▶ [Records supplied]:
.....

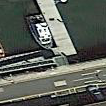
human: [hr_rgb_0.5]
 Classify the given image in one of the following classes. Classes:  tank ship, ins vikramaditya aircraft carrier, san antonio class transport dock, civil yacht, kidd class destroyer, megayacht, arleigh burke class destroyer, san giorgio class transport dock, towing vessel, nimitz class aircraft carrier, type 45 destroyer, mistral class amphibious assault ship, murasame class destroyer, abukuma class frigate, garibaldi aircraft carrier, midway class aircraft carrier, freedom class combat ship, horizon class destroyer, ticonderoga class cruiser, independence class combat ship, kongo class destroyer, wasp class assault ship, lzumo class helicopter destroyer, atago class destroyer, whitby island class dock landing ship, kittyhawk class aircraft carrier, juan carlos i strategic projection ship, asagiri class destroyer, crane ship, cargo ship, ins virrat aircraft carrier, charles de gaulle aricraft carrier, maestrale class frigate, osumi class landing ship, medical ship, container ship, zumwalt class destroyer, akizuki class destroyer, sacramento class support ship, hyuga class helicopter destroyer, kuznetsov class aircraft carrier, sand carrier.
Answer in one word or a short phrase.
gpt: Civil yacht
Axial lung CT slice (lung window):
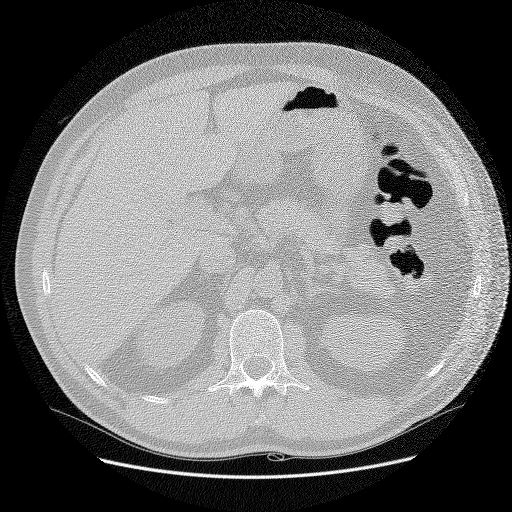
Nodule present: no
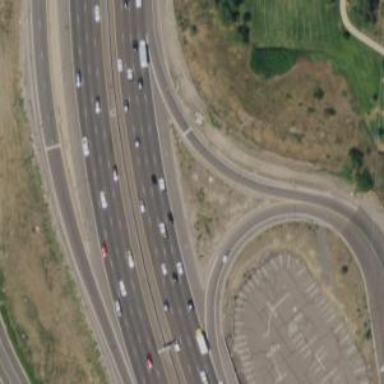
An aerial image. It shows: Asphalt motorway link.
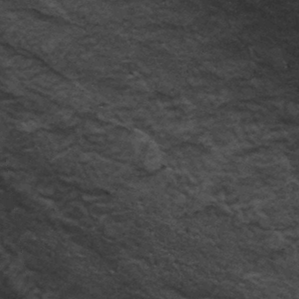
Label: frost

.....

▶ [Assignment]: Search the records above for the string "yacht". Report each line that has it.

▶ [Solution to this task]:
 Classify the given image in one of the following classes. Classes:  tank ship, ins vikramaditya aircraft carrier, san antonio class transport dock, civil yacht, kidd class destroyer, megayacht, arleigh burke class destroyer, san giorgio class transport dock, towing vessel, nimitz class aircraft carrier, type 45 destroyer, mistral class amphibious assault ship, murasame class destroyer, abukuma class frigate, garibaldi aircraft carrier, midway class aircraft carrier, freedom class combat ship, horizon class destroyer, ticonderoga class cruiser, independence class combat ship, kongo class destroyer, wasp class assault ship, lzumo class helicopter destroyer, atago class destroyer, whitby island class dock landing ship, kittyhawk class aircraft carrier, juan carlos i strategic projection ship, asagiri class destroyer, crane ship, cargo ship, ins virrat aircraft carrier, charles de gaulle aricraft carrier, maestrale class frigate, osumi class landing ship, medical ship, container ship, zumwalt class destroyer, akizuki class destroyer, sacramento class support ship, hyuga class helicopter destroyer, kuznetsov class aircraft carrier, sand carrier.
gpt: Civil yacht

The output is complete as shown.